:: RECORDS TO USE ::
---+---
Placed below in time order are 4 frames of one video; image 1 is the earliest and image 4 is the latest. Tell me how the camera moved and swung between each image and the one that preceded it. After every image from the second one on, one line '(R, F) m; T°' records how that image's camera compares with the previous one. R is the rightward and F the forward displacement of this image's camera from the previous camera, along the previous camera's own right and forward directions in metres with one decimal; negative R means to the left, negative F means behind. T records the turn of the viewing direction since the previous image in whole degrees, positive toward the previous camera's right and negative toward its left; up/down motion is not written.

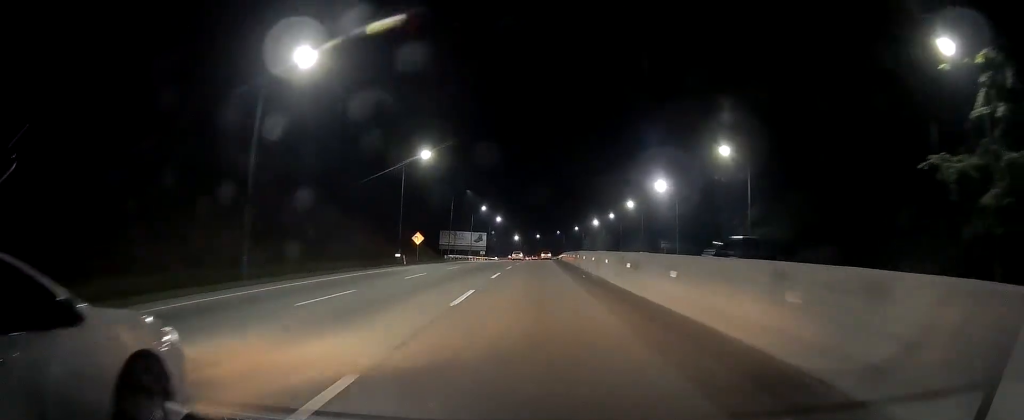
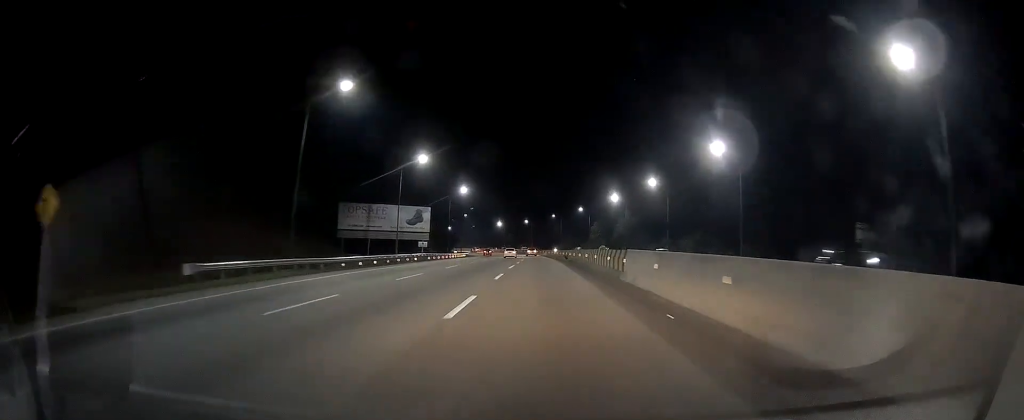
(-0.6, +63.1) m; -1°
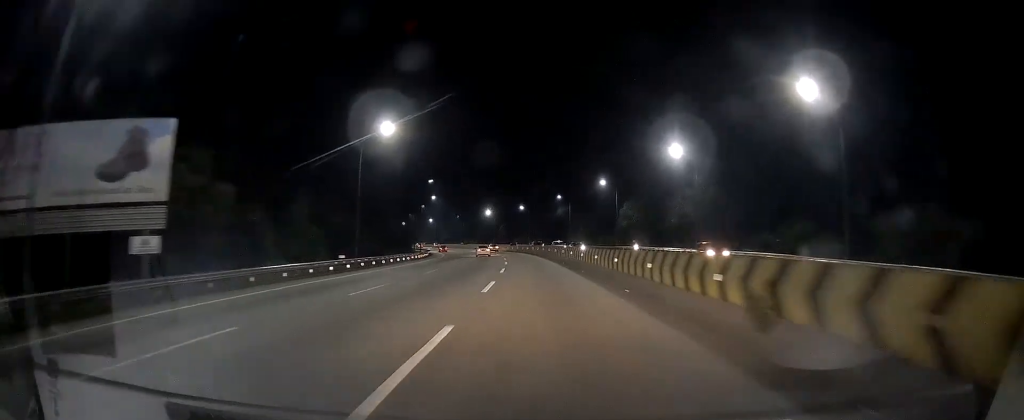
(+1.9, +54.2) m; +2°
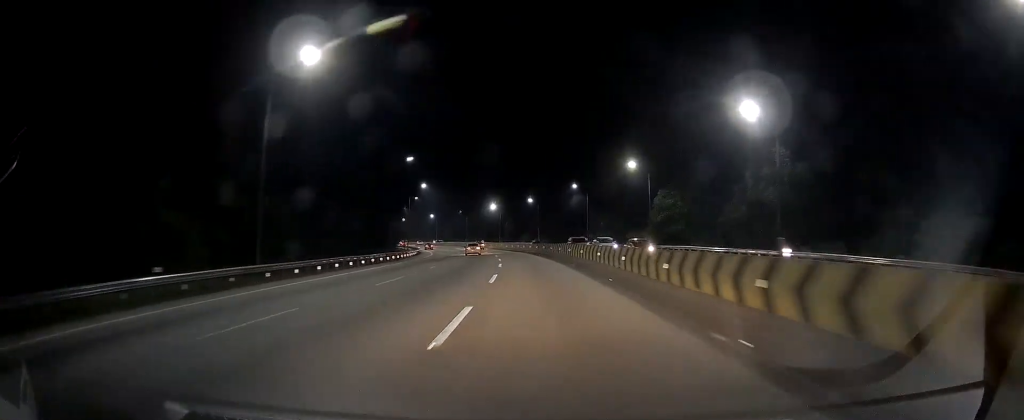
(-0.1, +21.3) m; -2°
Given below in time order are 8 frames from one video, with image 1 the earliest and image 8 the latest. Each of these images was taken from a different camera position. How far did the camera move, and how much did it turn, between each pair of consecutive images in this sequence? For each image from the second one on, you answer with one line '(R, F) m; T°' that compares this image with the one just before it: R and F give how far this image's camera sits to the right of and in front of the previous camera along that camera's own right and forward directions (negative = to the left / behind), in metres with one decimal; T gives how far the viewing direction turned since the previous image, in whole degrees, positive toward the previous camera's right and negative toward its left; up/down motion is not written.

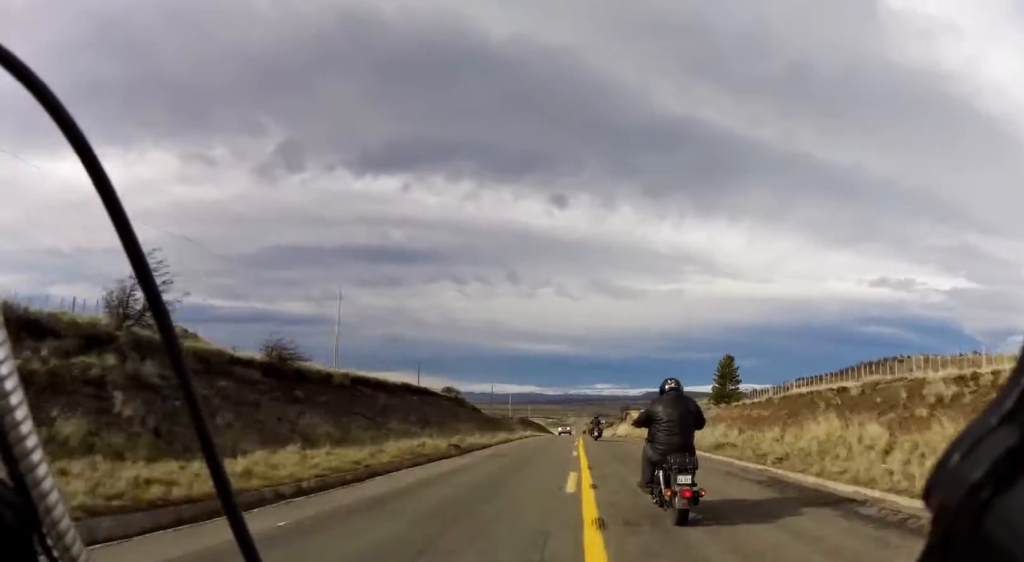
---+---
:: GOAL OF THE EXERCISE ::
Return the full material word for word. Do not include the pictures.

:: TASK ANSWER ::
Placed below in time order are 4 frames of one video; image 1 is the earliest and image 4 is the latest. Tell me how the camera moved and swung between each image and the one that preceded it. After every image from the second one on, one line '(R, F) m; T°' records how that image's camera compares with the previous one. R is the rightward and F the forward displacement of this image's camera from the previous camera, along the previous camera's own right and forward directions in metres with one decimal; negative R means to the left, negative F means behind. T records the turn of the viewing direction since the previous image in whole degrees, positive toward the previous camera's right and negative toward its left; up/down motion is not written.

(-0.6, +63.1) m; -1°
(+1.9, +54.2) m; +2°
(-0.1, +21.3) m; -2°
Given below in time order are 8 frames from one video, with image 1 the earliest and image 8 the latest. Each of these images was taken from a different camera position. How far did the camera move, and how much did it turn, between each pair of consecutive images in this sequence? For each image from the second one on, you answer with one line '(R, F) m; T°' that compares this image with the one just before it: R and F give how far this image's camera sits to the right of and in front of the previous camera along that camera's own right and forward directions (negative = to the left / behind), in metres with one decimal; T gives how far the viewing direction turned since the previous image, in whole degrees, positive toward the previous camera's right and negative toward its left; up/down motion is not written.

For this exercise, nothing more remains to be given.